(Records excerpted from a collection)
++++++++++++++++++++

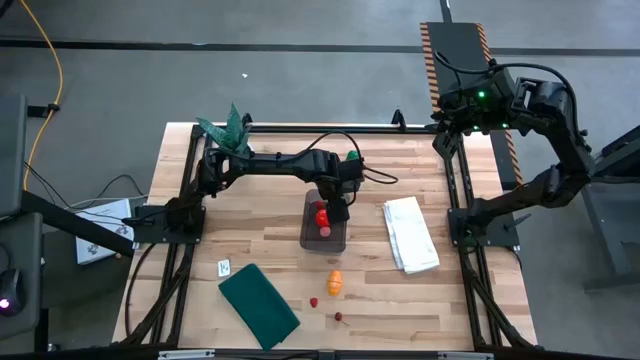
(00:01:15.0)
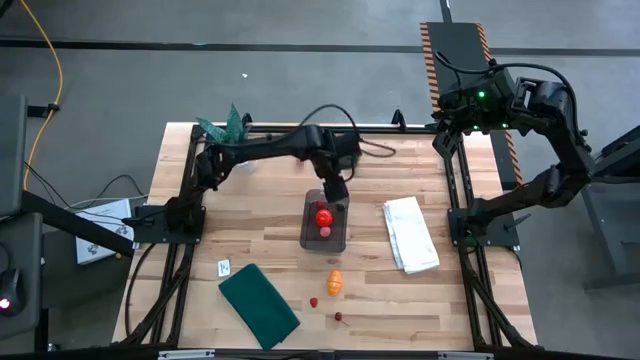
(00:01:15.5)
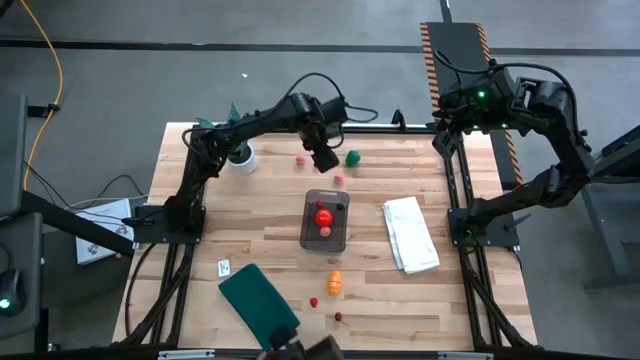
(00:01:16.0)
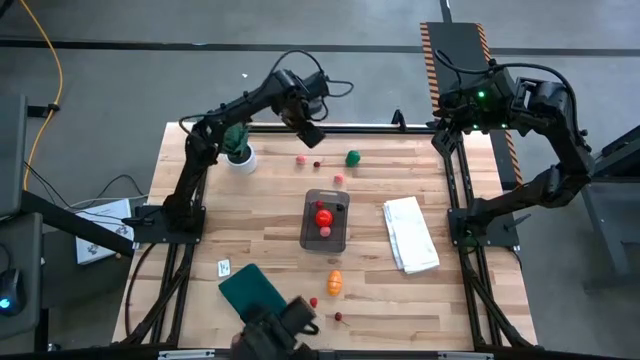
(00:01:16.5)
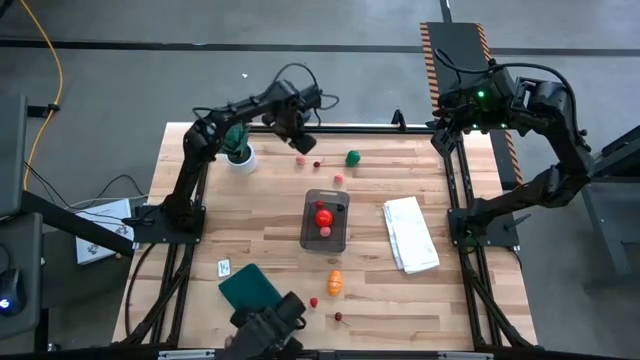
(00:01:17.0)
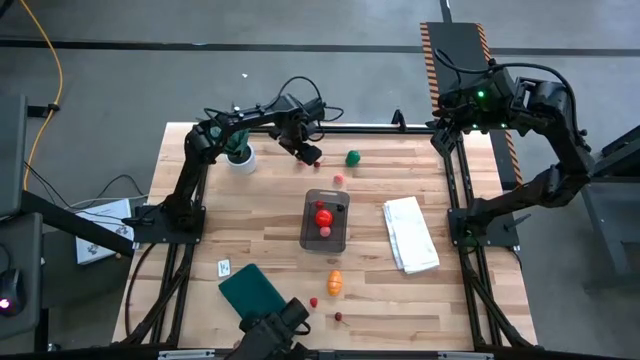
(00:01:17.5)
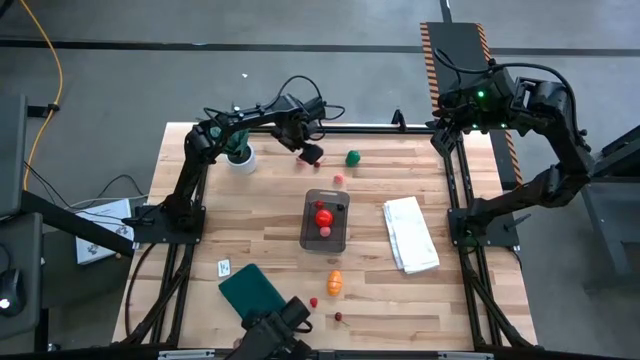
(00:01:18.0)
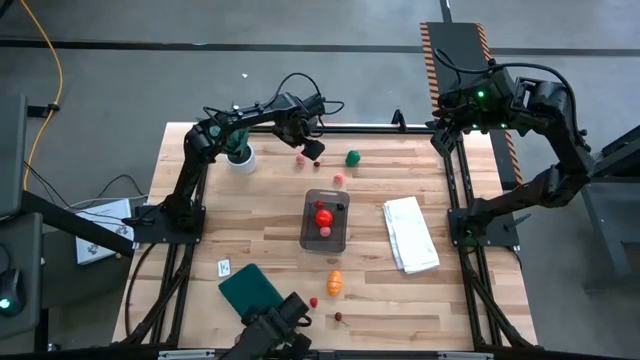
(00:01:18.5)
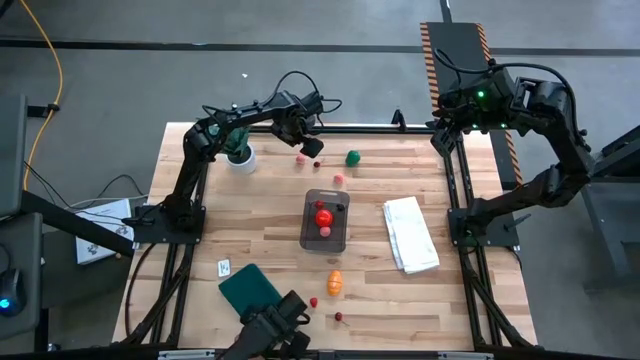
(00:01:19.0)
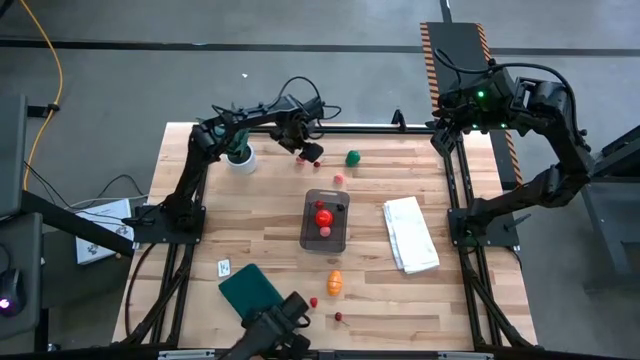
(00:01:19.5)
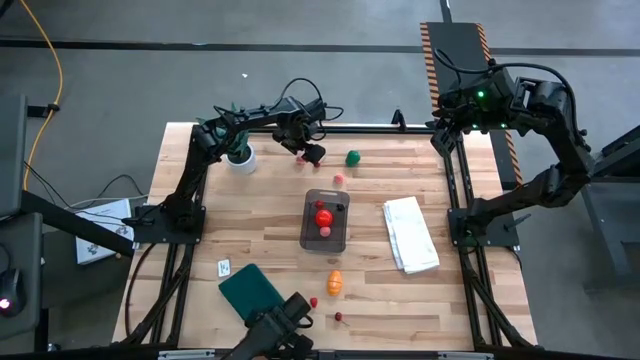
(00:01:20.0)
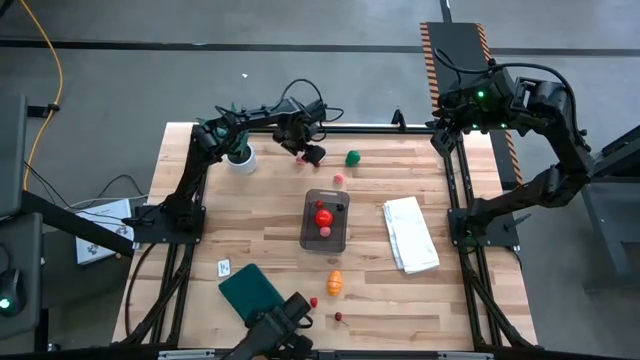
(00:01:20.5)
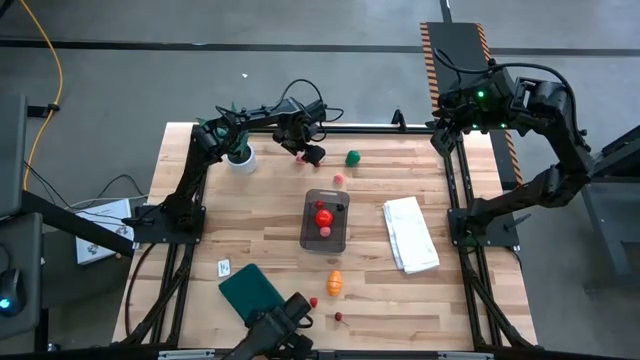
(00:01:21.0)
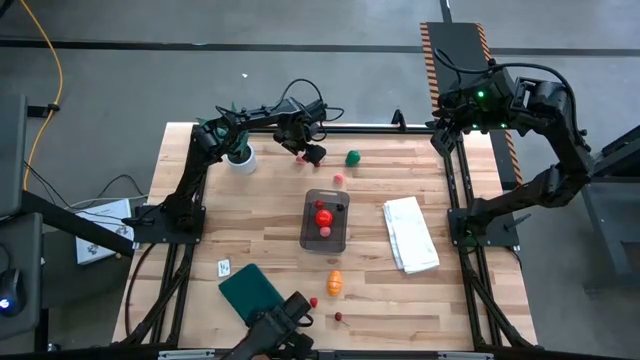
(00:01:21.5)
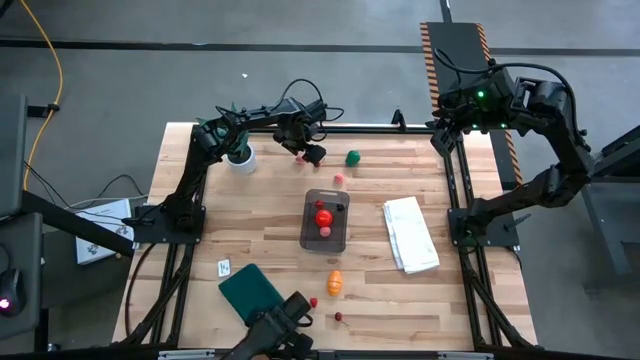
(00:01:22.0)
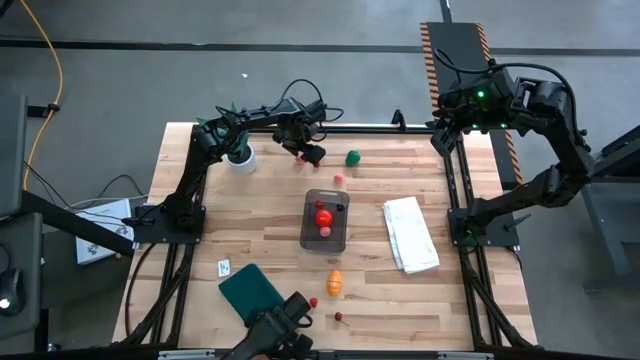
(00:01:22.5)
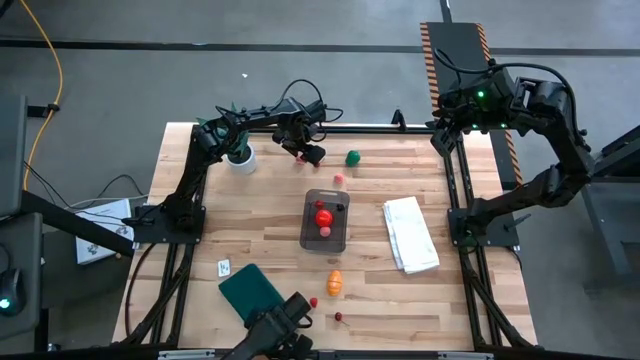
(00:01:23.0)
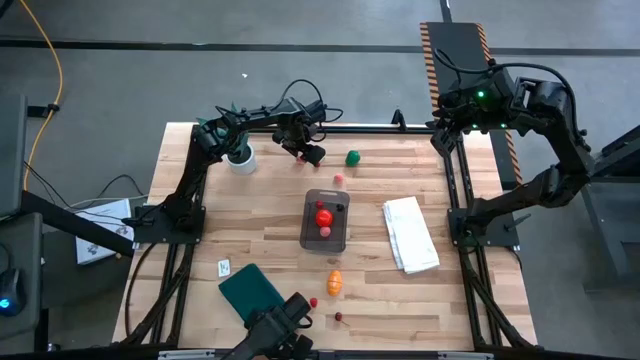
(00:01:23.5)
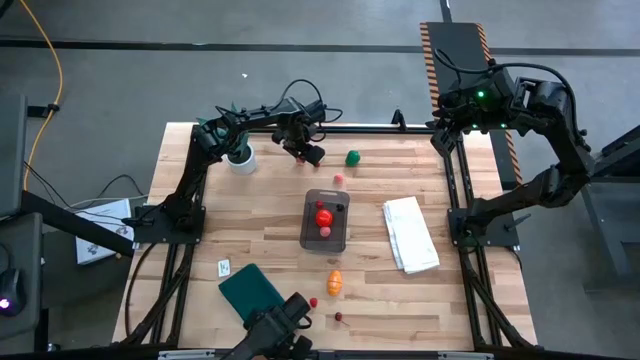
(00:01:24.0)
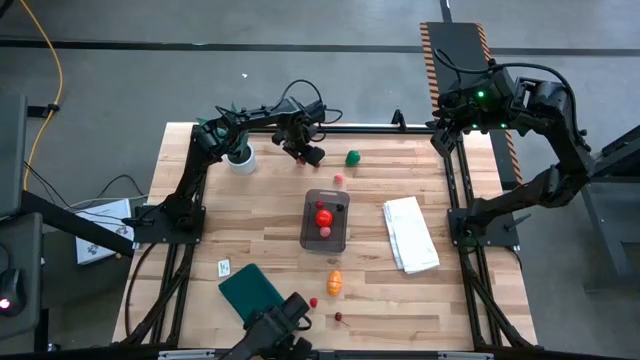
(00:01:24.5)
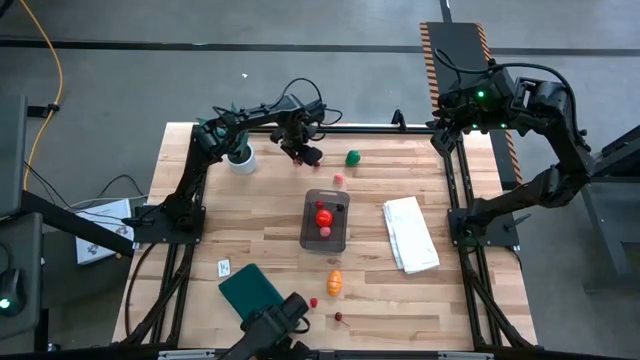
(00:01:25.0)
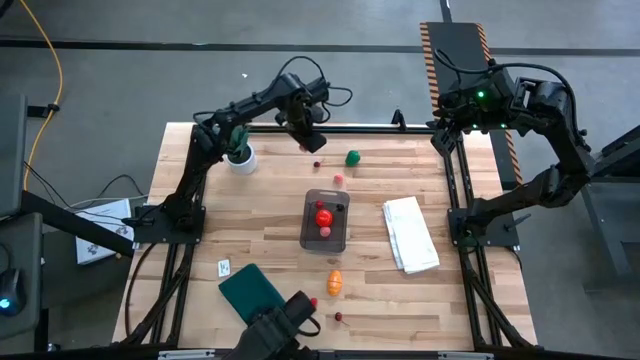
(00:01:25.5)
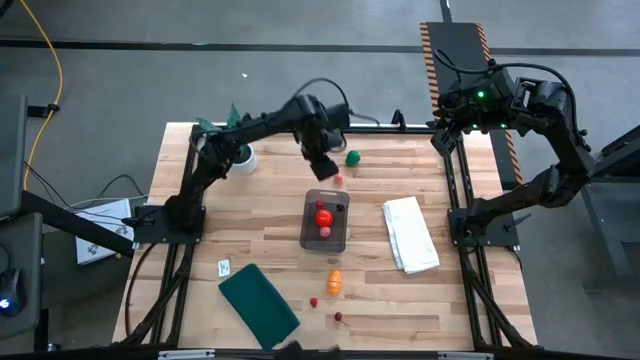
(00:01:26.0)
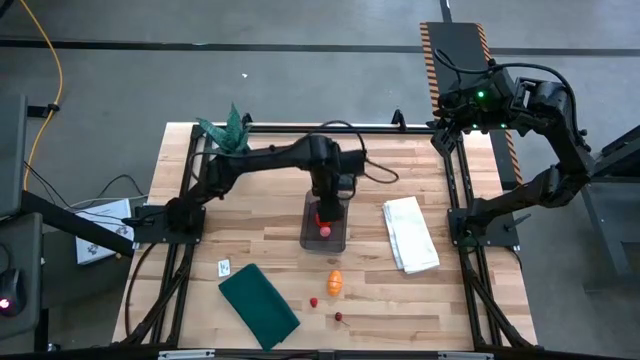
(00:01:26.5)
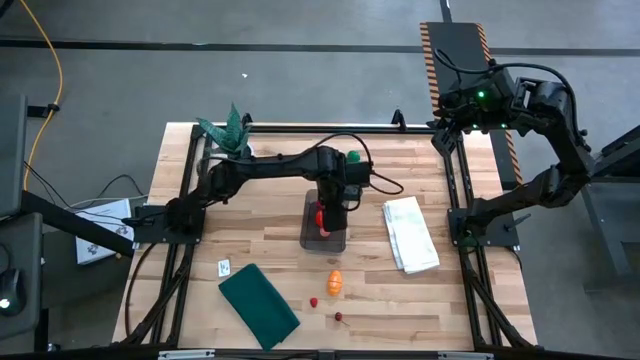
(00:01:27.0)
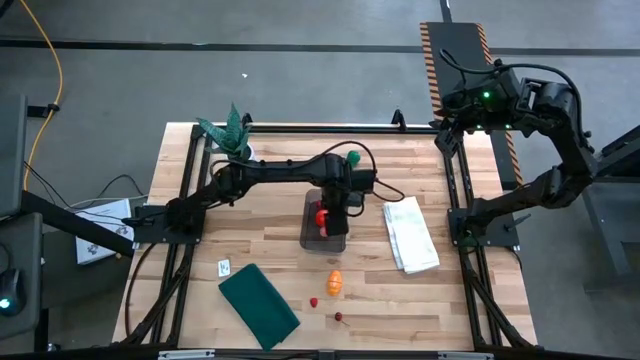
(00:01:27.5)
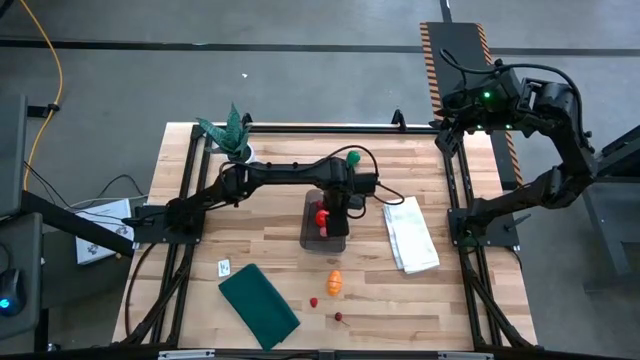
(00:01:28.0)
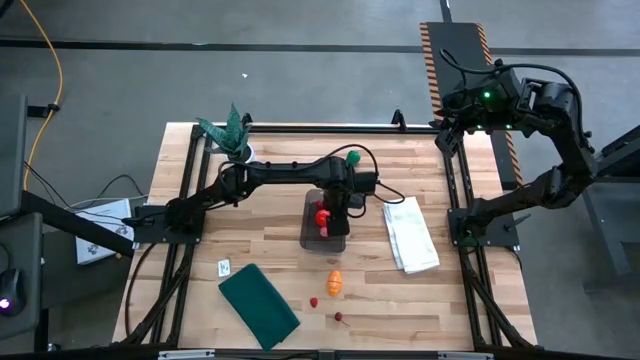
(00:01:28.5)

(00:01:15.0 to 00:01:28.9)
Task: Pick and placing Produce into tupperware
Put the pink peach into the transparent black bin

++++++++++++++++++++

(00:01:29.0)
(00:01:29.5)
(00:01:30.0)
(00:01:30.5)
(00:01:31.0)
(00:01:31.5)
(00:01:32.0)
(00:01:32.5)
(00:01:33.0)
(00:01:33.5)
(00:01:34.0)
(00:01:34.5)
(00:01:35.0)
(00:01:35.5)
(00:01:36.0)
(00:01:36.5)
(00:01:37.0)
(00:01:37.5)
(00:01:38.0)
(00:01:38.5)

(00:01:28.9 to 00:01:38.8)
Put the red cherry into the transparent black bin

++++++++++++++++++++

Using the records above, repeat exactly the run of lines that starts with the line with "(00:01:15.0)" and goes on through the line with "(00:01:28.5)"; omit each picture.

PROBLEM SOLUTION ▸
(00:01:15.0)
(00:01:15.5)
(00:01:16.0)
(00:01:16.5)
(00:01:17.0)
(00:01:17.5)
(00:01:18.0)
(00:01:18.5)
(00:01:19.0)
(00:01:19.5)
(00:01:20.0)
(00:01:20.5)
(00:01:21.0)
(00:01:21.5)
(00:01:22.0)
(00:01:22.5)
(00:01:23.0)
(00:01:23.5)
(00:01:24.0)
(00:01:24.5)
(00:01:25.0)
(00:01:25.5)
(00:01:26.0)
(00:01:26.5)
(00:01:27.0)
(00:01:27.5)
(00:01:28.0)
(00:01:28.5)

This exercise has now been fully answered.